4. Don’t be fooled by the features
The number one tip when buying any cheap Chinese tech is not to be fooled. Low-cost action cameras and projectors always seem to tick the right boxes on paper, but rarely do in reality. Don’t believe the hype of a camera that costs $40 dollars and claims to shoot amazing 4K video. It won’t. But that’s why we’re here: to see what a $40 action cam is actually good at.
5. Check the water resistance
Almost all cheaper action cameras have no water resistance without a case. The good news: all in this test bar the GoPro Hero 7 White come with one as standard. The bad news: these cases ruin audio capture and also spoil image quality to an extent. They put a layer of plastic between the subject and the camera lens, which is far less crystal clear than it looks. The ideal is still an action cabers with baked-in water resistance. Don’t use the waterproof housing unless you need to.
What is a good cheap GoPro?
GoPro cameras have long been the action camera brand to beat. They offer a range of creative shooting options, class-leading image stabilization and smooth, sharp footage, all in compact packages that are tough enough to go almost anywhere. Trouble is, you usually have to pay quite a lot for that combo.
If you’re willing to look at an older model though, it’s possible to find a cheap GoPro that still ticks a lot of the right boxes. Take the GoPro Hero 7 Silver. Released in 2018, the Hero 7 Silver has always been a mid-range model, sitting between the White and Black options in the line-up. All the same, it’s still a capable option for those with a spending cap: it’s waterproof to 10m without a housing, features a touchscreen and can capture decent 4K footage at 30fps. The good news for buyers on a budget is that, because of its relative age, the GoPro Hero 7 Silver now represents excellent value. You’ll find it widely available online for prices in the region of $235 / £200 / AU$300.
Even today, the more capable GoPro Hero 7 Black remains more expensive. That’s because it features HyperSmooth image stabilization, can shoot 4K at a smoother 60fps and has a useful removable battery. But there’s good news for deal hunters: with Black Friday fast approaching, there’s every chance you’ll find an excellent discount on the GoPro Hero 7 Black in November. It’s been pushed even further down the pecking order with the recent release of the GoPro Hero 10 Black, which means it’s a shoo in for savings.
Sure, it won’t drop down to anything like the prices of some cameras in this list, but you could well see significant amounts shaved off its current price, making it a great value option.

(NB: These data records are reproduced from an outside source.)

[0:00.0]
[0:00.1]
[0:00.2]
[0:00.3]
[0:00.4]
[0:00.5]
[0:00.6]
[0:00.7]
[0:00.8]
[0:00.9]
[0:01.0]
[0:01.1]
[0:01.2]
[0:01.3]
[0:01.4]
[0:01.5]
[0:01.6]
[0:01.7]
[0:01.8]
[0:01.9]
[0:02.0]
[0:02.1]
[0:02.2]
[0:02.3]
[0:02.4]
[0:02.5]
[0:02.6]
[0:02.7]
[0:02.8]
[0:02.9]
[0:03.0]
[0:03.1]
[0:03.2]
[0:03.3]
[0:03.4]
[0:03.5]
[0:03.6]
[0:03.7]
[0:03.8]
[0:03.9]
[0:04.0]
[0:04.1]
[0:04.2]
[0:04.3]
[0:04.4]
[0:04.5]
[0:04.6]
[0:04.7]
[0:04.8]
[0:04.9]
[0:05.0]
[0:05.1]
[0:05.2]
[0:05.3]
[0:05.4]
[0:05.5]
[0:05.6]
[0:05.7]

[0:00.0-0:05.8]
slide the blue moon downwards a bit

How we test action cameras
Action cameras are among the toughest cameras around, so we properly put them through their paces to make sure they live up to their rugged billing – and can shoot excellent video and stills, too.

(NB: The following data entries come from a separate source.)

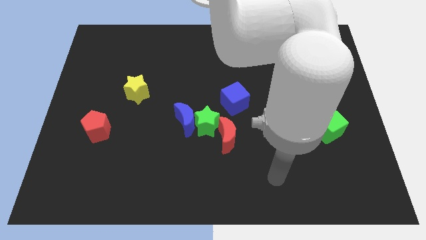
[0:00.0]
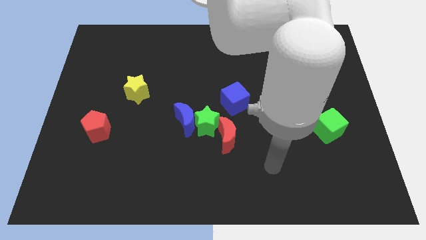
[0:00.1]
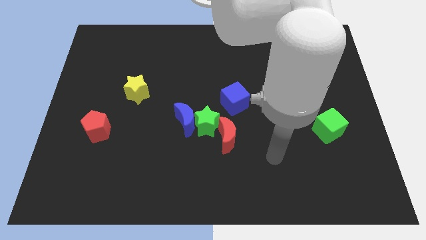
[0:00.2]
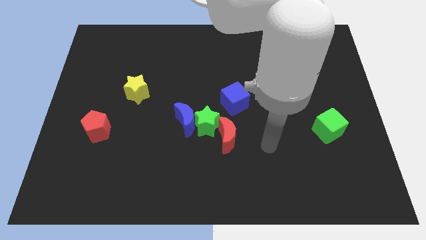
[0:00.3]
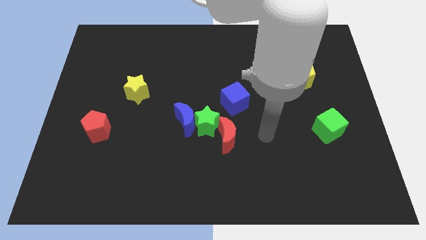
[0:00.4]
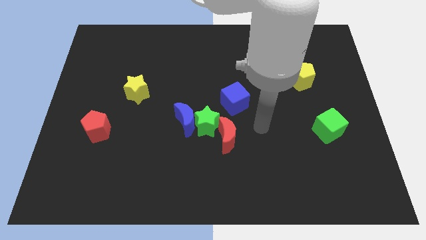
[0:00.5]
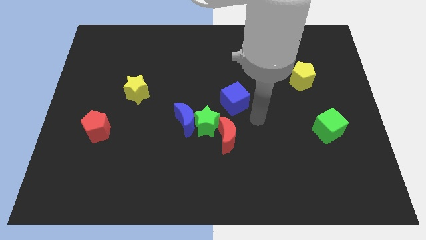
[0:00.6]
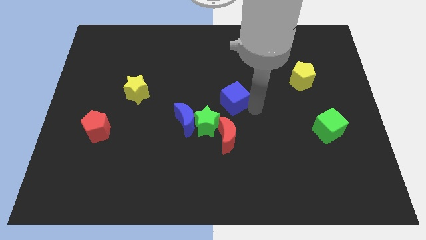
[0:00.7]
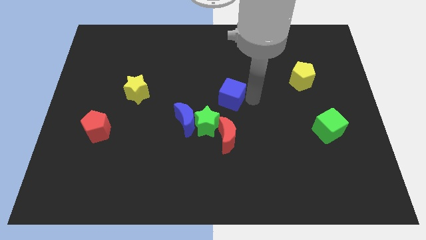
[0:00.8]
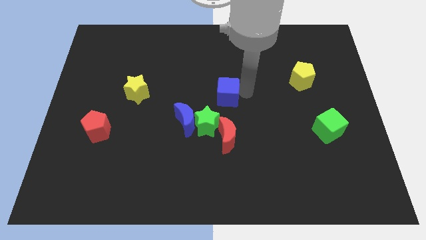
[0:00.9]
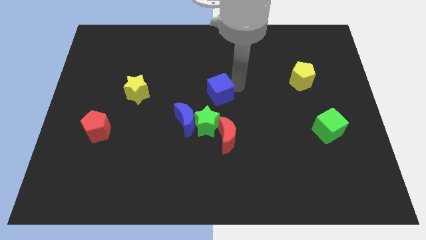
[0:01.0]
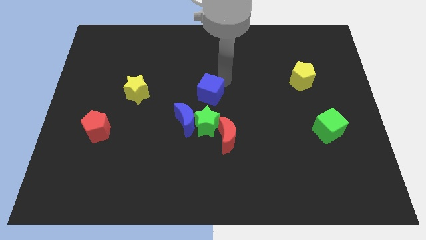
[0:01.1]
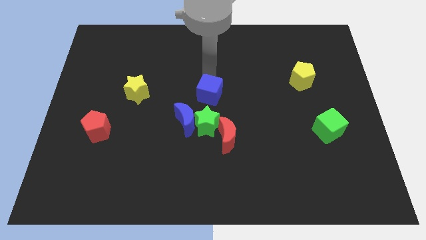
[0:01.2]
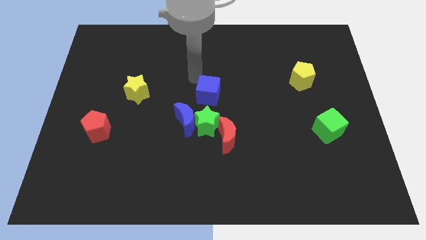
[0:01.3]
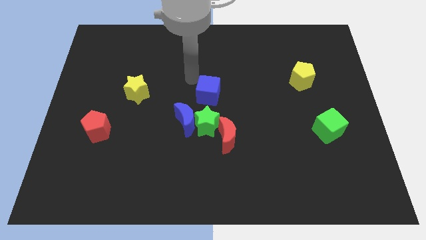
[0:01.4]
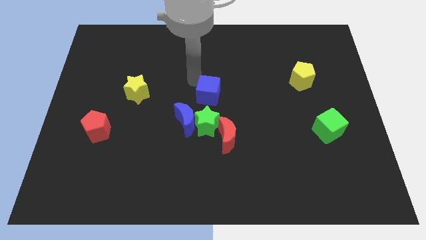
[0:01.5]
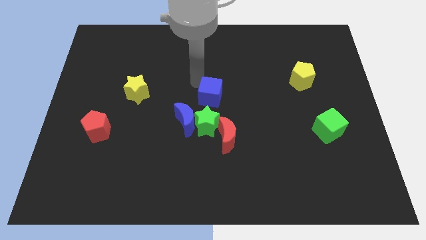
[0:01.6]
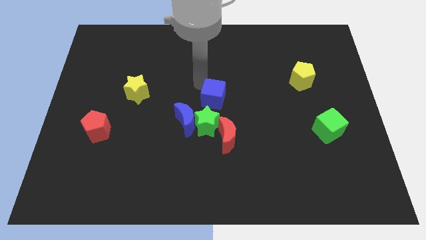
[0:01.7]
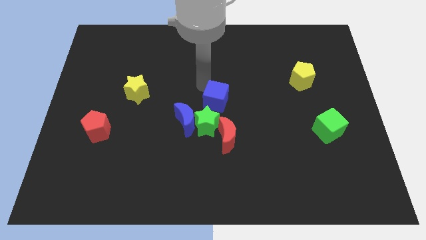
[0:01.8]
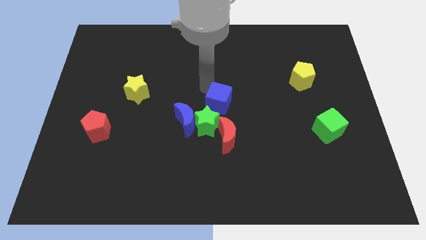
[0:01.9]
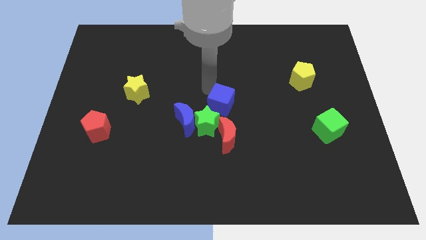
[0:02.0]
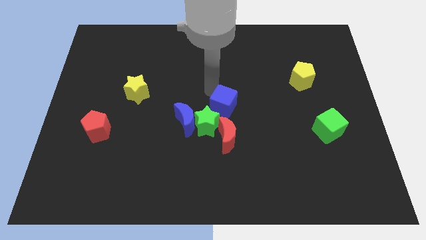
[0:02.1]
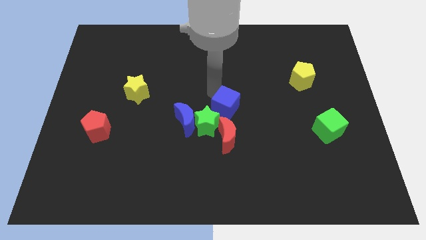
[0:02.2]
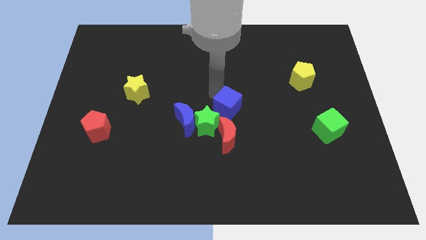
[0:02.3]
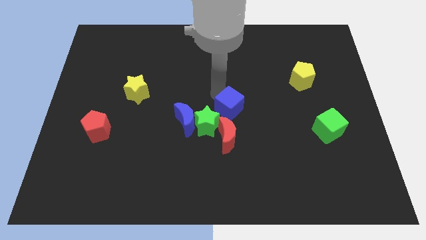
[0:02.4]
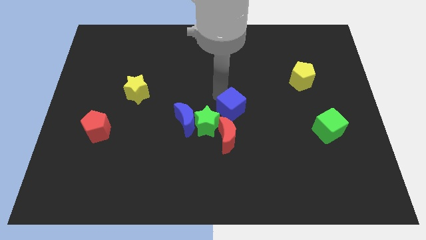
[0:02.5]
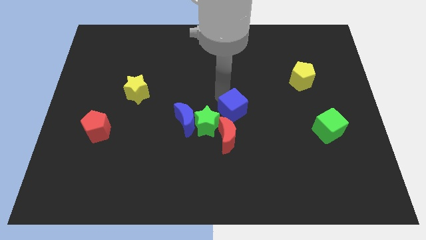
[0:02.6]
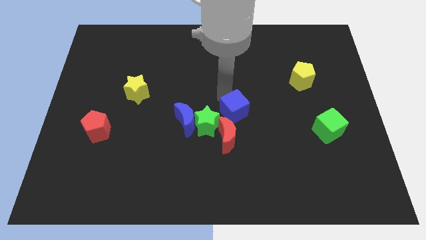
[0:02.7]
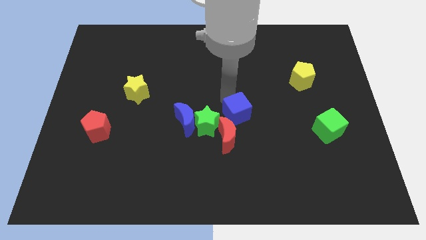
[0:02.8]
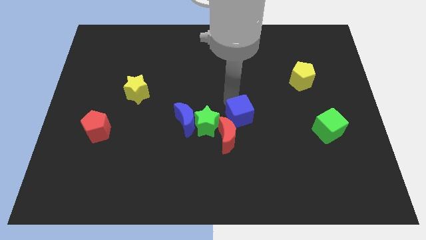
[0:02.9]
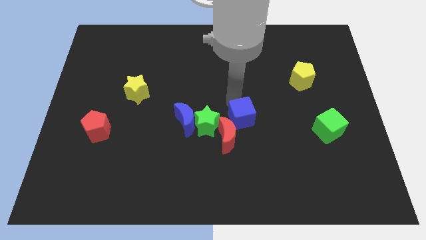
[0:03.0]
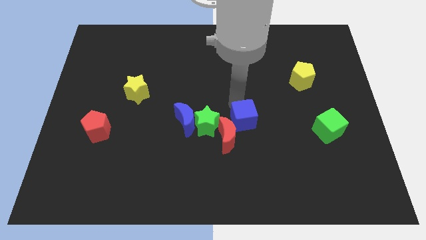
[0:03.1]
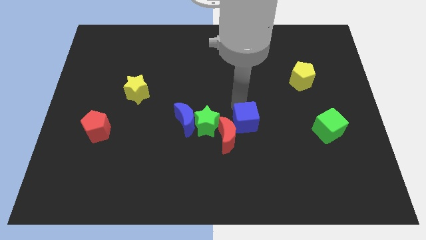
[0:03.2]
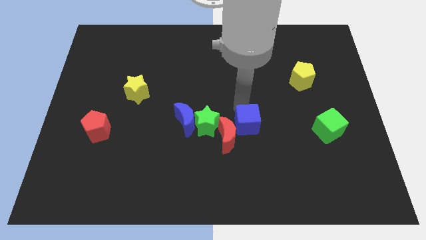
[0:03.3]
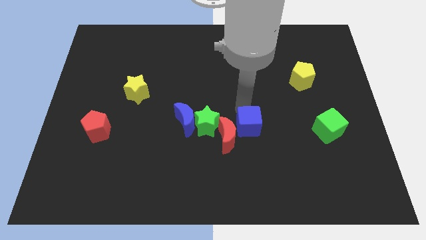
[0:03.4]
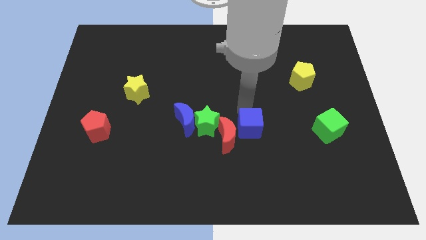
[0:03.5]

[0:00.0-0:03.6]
slide the blue cube downwards a bit

We take each one through a range of real-world tests including cycling, swimming and, if possible, an experience like an adventure course. These not only give us a good idea of each model's ability to withstand the elements, but how easy they are to operate in difficult conditions.
When it comes to footage, we record in a variety of resolutions and frame-rates to help gauge each action camera's strengths, and review these clips on a calibrated monitor. We look at default color reproduction and noise levels in shadows and highlights, and look out for any common image quality issues including clipping, softness, barrel distortion and over-zealous processing.
We go through a similar process to analyze each camera's image stabilization, which is crucial to maintaining image quality during movement, and look at the quality of any special shooting modes too, including slo-mo and timelapses.
For battery life tests, we continuously record at different resolutions and frame-rates. We note down both how long the action cams lasts and when it has to shut down due to overheating. Lastly, we evaluate how user-friendly each camera is, by testing both their touchscreen interfaces and companion apps.